■ **What you are asked to do**: Please give an exact printout of the records, without any pictures.

Source records
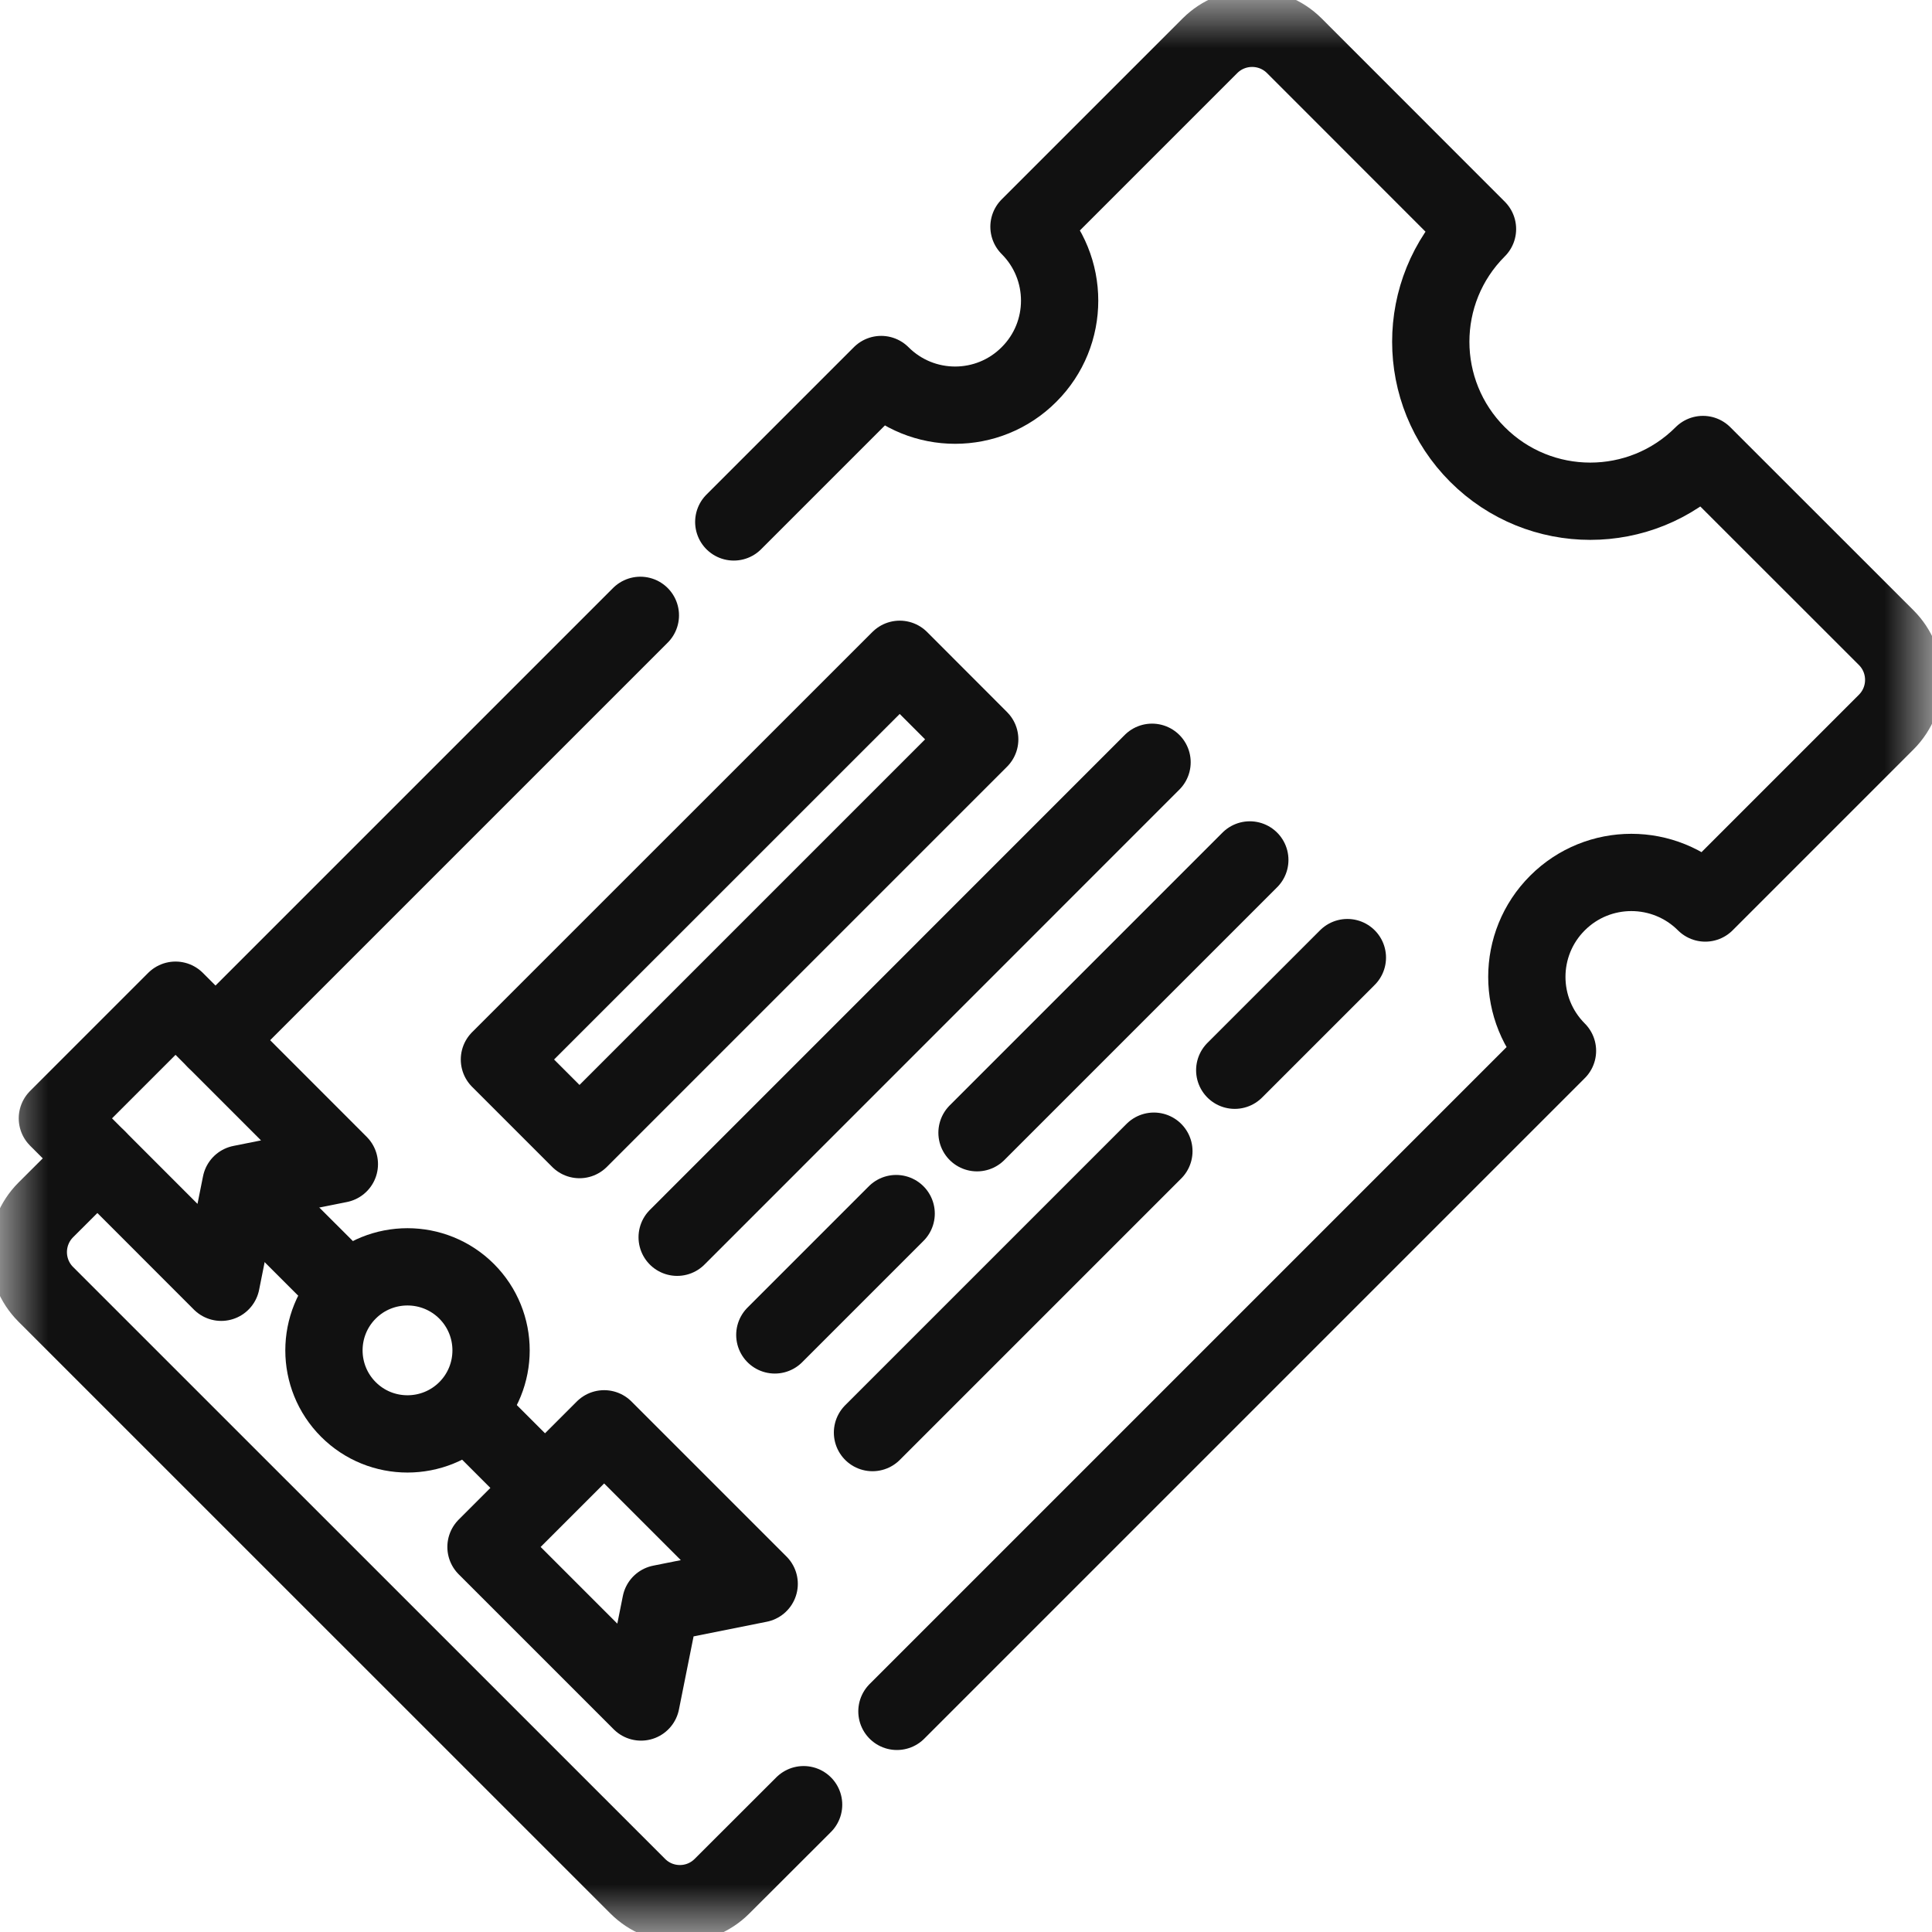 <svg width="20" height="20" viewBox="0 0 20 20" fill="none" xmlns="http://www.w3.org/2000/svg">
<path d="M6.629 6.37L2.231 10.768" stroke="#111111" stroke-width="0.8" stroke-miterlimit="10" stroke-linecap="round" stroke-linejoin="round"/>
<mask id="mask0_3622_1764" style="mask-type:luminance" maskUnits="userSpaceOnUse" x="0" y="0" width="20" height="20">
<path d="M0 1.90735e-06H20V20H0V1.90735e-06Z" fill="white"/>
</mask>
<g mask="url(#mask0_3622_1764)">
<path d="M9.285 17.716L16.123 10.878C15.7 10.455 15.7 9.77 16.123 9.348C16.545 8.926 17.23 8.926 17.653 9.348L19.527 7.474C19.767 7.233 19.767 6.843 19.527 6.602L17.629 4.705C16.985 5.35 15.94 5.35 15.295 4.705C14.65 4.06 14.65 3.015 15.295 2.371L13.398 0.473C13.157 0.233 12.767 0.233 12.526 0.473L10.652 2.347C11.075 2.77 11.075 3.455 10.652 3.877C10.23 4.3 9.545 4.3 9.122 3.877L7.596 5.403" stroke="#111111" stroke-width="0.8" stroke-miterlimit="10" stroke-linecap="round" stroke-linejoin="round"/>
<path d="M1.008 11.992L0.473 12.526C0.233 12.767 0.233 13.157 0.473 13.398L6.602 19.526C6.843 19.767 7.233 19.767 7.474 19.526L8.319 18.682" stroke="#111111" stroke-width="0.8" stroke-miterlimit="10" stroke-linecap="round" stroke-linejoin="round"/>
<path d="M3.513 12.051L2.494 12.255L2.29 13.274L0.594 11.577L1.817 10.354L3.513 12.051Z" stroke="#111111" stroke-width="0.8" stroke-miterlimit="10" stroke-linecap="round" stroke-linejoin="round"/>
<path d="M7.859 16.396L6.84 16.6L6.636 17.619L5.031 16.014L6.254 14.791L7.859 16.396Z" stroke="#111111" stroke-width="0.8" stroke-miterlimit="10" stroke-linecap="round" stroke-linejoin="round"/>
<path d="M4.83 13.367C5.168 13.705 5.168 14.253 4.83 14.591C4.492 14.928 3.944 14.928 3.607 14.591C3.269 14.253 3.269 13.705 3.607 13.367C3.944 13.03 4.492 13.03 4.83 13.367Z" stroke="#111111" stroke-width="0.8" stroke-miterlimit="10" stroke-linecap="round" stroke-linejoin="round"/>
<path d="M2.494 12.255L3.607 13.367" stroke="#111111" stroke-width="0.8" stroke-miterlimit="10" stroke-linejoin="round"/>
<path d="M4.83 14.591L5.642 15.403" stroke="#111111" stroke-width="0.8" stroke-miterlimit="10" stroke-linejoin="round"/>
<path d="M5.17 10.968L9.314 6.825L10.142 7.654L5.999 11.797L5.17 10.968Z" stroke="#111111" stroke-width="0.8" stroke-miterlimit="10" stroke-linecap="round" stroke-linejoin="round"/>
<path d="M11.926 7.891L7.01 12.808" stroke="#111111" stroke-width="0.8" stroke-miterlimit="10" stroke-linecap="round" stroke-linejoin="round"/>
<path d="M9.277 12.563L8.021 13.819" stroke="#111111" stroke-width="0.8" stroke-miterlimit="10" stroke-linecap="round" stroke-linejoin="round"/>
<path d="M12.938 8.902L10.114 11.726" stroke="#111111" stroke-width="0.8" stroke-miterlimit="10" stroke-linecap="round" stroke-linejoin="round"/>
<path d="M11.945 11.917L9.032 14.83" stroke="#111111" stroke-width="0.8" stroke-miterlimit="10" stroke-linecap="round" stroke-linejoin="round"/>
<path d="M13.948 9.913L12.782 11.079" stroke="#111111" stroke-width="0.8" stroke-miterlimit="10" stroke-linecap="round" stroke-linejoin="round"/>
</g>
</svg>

■ **Solution to this task**:
 <svg width="20" height="20" viewBox="0 0 20 20" fill="none" xmlns="http://www.w3.org/2000/svg">
<path d="M6.629 6.37L2.231 10.768" stroke="#111111" stroke-width="0.8" stroke-miterlimit="10" stroke-linecap="round" stroke-linejoin="round"/>
<mask id="mask0_3622_1764" style="mask-type:luminance" maskUnits="userSpaceOnUse" x="0" y="0" width="20" height="20">
<path d="M0 1.90735e-06H20V20H0V1.90735e-06Z" fill="white"/>
</mask>
<g mask="url(#mask0_3622_1764)">
<path d="M9.285 17.716L16.123 10.878C15.7 10.455 15.7 9.77 16.123 9.348C16.545 8.926 17.23 8.926 17.653 9.348L19.527 7.474C19.767 7.233 19.767 6.843 19.527 6.602L17.629 4.705C16.985 5.35 15.94 5.35 15.295 4.705C14.65 4.06 14.65 3.015 15.295 2.371L13.398 0.473C13.157 0.233 12.767 0.233 12.526 0.473L10.652 2.347C11.075 2.77 11.075 3.455 10.652 3.877C10.23 4.3 9.545 4.3 9.122 3.877L7.596 5.403" stroke="#111111" stroke-width="0.8" stroke-miterlimit="10" stroke-linecap="round" stroke-linejoin="round"/>
<path d="M1.008 11.992L0.473 12.526C0.233 12.767 0.233 13.157 0.473 13.398L6.602 19.526C6.843 19.767 7.233 19.767 7.474 19.526L8.319 18.682" stroke="#111111" stroke-width="0.8" stroke-miterlimit="10" stroke-linecap="round" stroke-linejoin="round"/>
<path d="M3.513 12.051L2.494 12.255L2.29 13.274L0.594 11.577L1.817 10.354L3.513 12.051Z" stroke="#111111" stroke-width="0.8" stroke-miterlimit="10" stroke-linecap="round" stroke-linejoin="round"/>
<path d="M7.859 16.396L6.84 16.6L6.636 17.619L5.031 16.014L6.254 14.791L7.859 16.396Z" stroke="#111111" stroke-width="0.8" stroke-miterlimit="10" stroke-linecap="round" stroke-linejoin="round"/>
<path d="M4.83 13.367C5.168 13.705 5.168 14.253 4.83 14.591C4.492 14.928 3.944 14.928 3.607 14.591C3.269 14.253 3.269 13.705 3.607 13.367C3.944 13.03 4.492 13.03 4.83 13.367Z" stroke="#111111" stroke-width="0.8" stroke-miterlimit="10" stroke-linecap="round" stroke-linejoin="round"/>
<path d="M2.494 12.255L3.607 13.367" stroke="#111111" stroke-width="0.8" stroke-miterlimit="10" stroke-linejoin="round"/>
<path d="M4.83 14.591L5.642 15.403" stroke="#111111" stroke-width="0.8" stroke-miterlimit="10" stroke-linejoin="round"/>
<path d="M5.17 10.968L9.314 6.825L10.142 7.654L5.999 11.797L5.17 10.968Z" stroke="#111111" stroke-width="0.8" stroke-miterlimit="10" stroke-linecap="round" stroke-linejoin="round"/>
<path d="M11.926 7.891L7.01 12.808" stroke="#111111" stroke-width="0.8" stroke-miterlimit="10" stroke-linecap="round" stroke-linejoin="round"/>
<path d="M9.277 12.563L8.021 13.819" stroke="#111111" stroke-width="0.8" stroke-miterlimit="10" stroke-linecap="round" stroke-linejoin="round"/>
<path d="M12.938 8.902L10.114 11.726" stroke="#111111" stroke-width="0.8" stroke-miterlimit="10" stroke-linecap="round" stroke-linejoin="round"/>
<path d="M11.945 11.917L9.032 14.83" stroke="#111111" stroke-width="0.8" stroke-miterlimit="10" stroke-linecap="round" stroke-linejoin="round"/>
<path d="M13.948 9.913L12.782 11.079" stroke="#111111" stroke-width="0.8" stroke-miterlimit="10" stroke-linecap="round" stroke-linejoin="round"/>
</g>
</svg>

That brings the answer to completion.